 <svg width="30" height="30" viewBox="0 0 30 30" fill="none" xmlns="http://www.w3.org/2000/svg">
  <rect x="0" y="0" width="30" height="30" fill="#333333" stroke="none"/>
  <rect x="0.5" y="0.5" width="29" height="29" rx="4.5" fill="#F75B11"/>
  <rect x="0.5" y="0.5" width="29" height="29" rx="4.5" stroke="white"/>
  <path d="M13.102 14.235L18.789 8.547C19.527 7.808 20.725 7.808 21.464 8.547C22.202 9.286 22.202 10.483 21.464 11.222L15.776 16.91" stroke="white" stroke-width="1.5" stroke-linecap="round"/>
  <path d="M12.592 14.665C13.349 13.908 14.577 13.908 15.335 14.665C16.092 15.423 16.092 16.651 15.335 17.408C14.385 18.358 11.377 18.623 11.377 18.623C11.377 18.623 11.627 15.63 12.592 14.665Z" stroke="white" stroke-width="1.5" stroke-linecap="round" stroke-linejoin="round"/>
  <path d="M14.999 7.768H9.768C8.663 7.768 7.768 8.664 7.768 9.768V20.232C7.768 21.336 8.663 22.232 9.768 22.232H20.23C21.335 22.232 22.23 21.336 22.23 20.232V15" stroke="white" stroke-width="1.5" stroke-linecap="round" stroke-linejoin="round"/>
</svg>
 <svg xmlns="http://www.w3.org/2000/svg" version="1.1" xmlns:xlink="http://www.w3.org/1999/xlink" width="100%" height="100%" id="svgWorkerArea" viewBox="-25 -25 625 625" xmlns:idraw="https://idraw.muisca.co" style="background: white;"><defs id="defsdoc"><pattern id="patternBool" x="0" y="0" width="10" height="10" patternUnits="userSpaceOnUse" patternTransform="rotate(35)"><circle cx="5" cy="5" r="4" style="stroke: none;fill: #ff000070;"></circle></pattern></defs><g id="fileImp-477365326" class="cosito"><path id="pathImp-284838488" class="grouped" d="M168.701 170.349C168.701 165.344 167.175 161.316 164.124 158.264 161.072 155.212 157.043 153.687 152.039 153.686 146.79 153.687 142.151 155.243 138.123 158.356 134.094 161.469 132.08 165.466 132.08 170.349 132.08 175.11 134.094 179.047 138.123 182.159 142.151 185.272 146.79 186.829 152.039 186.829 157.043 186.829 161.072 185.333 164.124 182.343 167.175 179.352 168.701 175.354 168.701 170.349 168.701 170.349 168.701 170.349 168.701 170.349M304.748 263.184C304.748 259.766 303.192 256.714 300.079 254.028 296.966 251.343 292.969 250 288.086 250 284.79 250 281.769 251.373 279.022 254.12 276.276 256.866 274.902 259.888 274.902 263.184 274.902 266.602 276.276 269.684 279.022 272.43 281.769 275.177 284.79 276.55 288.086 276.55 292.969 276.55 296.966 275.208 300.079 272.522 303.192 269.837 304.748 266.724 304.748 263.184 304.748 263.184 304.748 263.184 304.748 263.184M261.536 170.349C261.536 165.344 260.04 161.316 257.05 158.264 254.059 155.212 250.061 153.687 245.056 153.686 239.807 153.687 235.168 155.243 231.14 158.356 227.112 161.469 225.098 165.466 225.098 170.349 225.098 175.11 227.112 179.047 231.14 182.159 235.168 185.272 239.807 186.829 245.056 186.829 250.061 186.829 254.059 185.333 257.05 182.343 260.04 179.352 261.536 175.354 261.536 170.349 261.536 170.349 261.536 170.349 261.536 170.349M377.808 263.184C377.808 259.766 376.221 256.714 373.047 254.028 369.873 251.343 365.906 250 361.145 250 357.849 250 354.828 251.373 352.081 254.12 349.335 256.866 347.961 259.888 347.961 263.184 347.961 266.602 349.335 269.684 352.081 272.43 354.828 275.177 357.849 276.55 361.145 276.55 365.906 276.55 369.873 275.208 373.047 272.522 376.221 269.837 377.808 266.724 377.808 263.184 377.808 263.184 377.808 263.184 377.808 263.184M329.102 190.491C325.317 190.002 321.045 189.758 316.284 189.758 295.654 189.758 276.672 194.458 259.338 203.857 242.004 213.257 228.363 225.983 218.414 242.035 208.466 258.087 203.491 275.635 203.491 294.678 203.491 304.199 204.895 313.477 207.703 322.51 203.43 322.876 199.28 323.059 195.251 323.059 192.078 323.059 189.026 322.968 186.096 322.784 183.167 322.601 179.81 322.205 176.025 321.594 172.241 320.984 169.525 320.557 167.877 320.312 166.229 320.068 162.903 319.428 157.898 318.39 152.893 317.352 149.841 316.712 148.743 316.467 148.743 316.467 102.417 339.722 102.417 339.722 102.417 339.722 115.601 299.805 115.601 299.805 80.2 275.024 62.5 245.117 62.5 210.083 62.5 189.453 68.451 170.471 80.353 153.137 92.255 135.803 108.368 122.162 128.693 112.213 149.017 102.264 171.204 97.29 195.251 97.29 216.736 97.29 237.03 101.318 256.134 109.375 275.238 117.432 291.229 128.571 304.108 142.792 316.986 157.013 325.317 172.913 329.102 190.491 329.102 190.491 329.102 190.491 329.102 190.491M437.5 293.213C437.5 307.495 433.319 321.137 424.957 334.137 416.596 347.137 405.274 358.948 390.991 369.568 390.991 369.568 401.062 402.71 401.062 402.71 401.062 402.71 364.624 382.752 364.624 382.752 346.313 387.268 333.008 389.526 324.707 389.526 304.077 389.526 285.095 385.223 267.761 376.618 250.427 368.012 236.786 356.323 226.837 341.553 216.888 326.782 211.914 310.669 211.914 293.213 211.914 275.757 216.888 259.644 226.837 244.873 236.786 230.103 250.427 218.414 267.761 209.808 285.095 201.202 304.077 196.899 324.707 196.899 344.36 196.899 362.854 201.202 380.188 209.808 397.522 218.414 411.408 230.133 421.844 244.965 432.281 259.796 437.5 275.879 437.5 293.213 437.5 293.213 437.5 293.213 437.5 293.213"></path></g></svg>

*-*-*

With no additions or omissions, transcribe every record.

 <svg width="30" height="30" viewBox="0 0 30 30" fill="none" xmlns="http://www.w3.org/2000/svg">
  <rect x="0" y="0" width="30" height="30" fill="#333333" stroke="none"/>
  <rect x="0.5" y="0.5" width="29" height="29" rx="4.5" fill="#F75B11"/>
  <rect x="0.5" y="0.5" width="29" height="29" rx="4.5" stroke="white"/>
  <path d="M13.102 14.235L18.789 8.547C19.527 7.808 20.725 7.808 21.464 8.547C22.202 9.286 22.202 10.483 21.464 11.222L15.776 16.91" stroke="white" stroke-width="1.5" stroke-linecap="round"/>
  <path d="M12.592 14.665C13.349 13.908 14.577 13.908 15.335 14.665C16.092 15.423 16.092 16.651 15.335 17.408C14.385 18.358 11.377 18.623 11.377 18.623C11.377 18.623 11.627 15.63 12.592 14.665Z" stroke="white" stroke-width="1.5" stroke-linecap="round" stroke-linejoin="round"/>
  <path d="M14.999 7.768H9.768C8.663 7.768 7.768 8.664 7.768 9.768V20.232C7.768 21.336 8.663 22.232 9.768 22.232H20.23C21.335 22.232 22.23 21.336 22.23 20.232V15" stroke="white" stroke-width="1.5" stroke-linecap="round" stroke-linejoin="round"/>
</svg>
 <svg xmlns="http://www.w3.org/2000/svg" version="1.1" xmlns:xlink="http://www.w3.org/1999/xlink" width="100%" height="100%" id="svgWorkerArea" viewBox="-25 -25 625 625" xmlns:idraw="https://idraw.muisca.co" style="background: white;"><defs id="defsdoc"><pattern id="patternBool" x="0" y="0" width="10" height="10" patternUnits="userSpaceOnUse" patternTransform="rotate(35)"><circle cx="5" cy="5" r="4" style="stroke: none;fill: #ff000070;"></circle></pattern></defs><g id="fileImp-477365326" class="cosito"><path id="pathImp-284838488" class="grouped" d="M168.701 170.349C168.701 165.344 167.175 161.316 164.124 158.264 161.072 155.212 157.043 153.687 152.039 153.686 146.79 153.687 142.151 155.243 138.123 158.356 134.094 161.469 132.08 165.466 132.08 170.349 132.08 175.11 134.094 179.047 138.123 182.159 142.151 185.272 146.79 186.829 152.039 186.829 157.043 186.829 161.072 185.333 164.124 182.343 167.175 179.352 168.701 175.354 168.701 170.349 168.701 170.349 168.701 170.349 168.701 170.349M304.748 263.184C304.748 259.766 303.192 256.714 300.079 254.028 296.966 251.343 292.969 250 288.086 250 284.79 250 281.769 251.373 279.022 254.12 276.276 256.866 274.902 259.888 274.902 263.184 274.902 266.602 276.276 269.684 279.022 272.43 281.769 275.177 284.79 276.55 288.086 276.55 292.969 276.55 296.966 275.208 300.079 272.522 303.192 269.837 304.748 266.724 304.748 263.184 304.748 263.184 304.748 263.184 304.748 263.184M261.536 170.349C261.536 165.344 260.04 161.316 257.05 158.264 254.059 155.212 250.061 153.687 245.056 153.686 239.807 153.687 235.168 155.243 231.14 158.356 227.112 161.469 225.098 165.466 225.098 170.349 225.098 175.11 227.112 179.047 231.14 182.159 235.168 185.272 239.807 186.829 245.056 186.829 250.061 186.829 254.059 185.333 257.05 182.343 260.04 179.352 261.536 175.354 261.536 170.349 261.536 170.349 261.536 170.349 261.536 170.349M377.808 263.184C377.808 259.766 376.221 256.714 373.047 254.028 369.873 251.343 365.906 250 361.145 250 357.849 250 354.828 251.373 352.081 254.12 349.335 256.866 347.961 259.888 347.961 263.184 347.961 266.602 349.335 269.684 352.081 272.43 354.828 275.177 357.849 276.55 361.145 276.55 365.906 276.55 369.873 275.208 373.047 272.522 376.221 269.837 377.808 266.724 377.808 263.184 377.808 263.184 377.808 263.184 377.808 263.184M329.102 190.491C325.317 190.002 321.045 189.758 316.284 189.758 295.654 189.758 276.672 194.458 259.338 203.857 242.004 213.257 228.363 225.983 218.414 242.035 208.466 258.087 203.491 275.635 203.491 294.678 203.491 304.199 204.895 313.477 207.703 322.51 203.43 322.876 199.28 323.059 195.251 323.059 192.078 323.059 189.026 322.968 186.096 322.784 183.167 322.601 179.81 322.205 176.025 321.594 172.241 320.984 169.525 320.557 167.877 320.312 166.229 320.068 162.903 319.428 157.898 318.39 152.893 317.352 149.841 316.712 148.743 316.467 148.743 316.467 102.417 339.722 102.417 339.722 102.417 339.722 115.601 299.805 115.601 299.805 80.2 275.024 62.5 245.117 62.5 210.083 62.5 189.453 68.451 170.471 80.353 153.137 92.255 135.803 108.368 122.162 128.693 112.213 149.017 102.264 171.204 97.29 195.251 97.29 216.736 97.29 237.03 101.318 256.134 109.375 275.238 117.432 291.229 128.571 304.108 142.792 316.986 157.013 325.317 172.913 329.102 190.491 329.102 190.491 329.102 190.491 329.102 190.491M437.5 293.213C437.5 307.495 433.319 321.137 424.957 334.137 416.596 347.137 405.274 358.948 390.991 369.568 390.991 369.568 401.062 402.71 401.062 402.71 401.062 402.71 364.624 382.752 364.624 382.752 346.313 387.268 333.008 389.526 324.707 389.526 304.077 389.526 285.095 385.223 267.761 376.618 250.427 368.012 236.786 356.323 226.837 341.553 216.888 326.782 211.914 310.669 211.914 293.213 211.914 275.757 216.888 259.644 226.837 244.873 236.786 230.103 250.427 218.414 267.761 209.808 285.095 201.202 304.077 196.899 324.707 196.899 344.36 196.899 362.854 201.202 380.188 209.808 397.522 218.414 411.408 230.133 421.844 244.965 432.281 259.796 437.5 275.879 437.5 293.213 437.5 293.213 437.5 293.213 437.5 293.213"></path></g></svg>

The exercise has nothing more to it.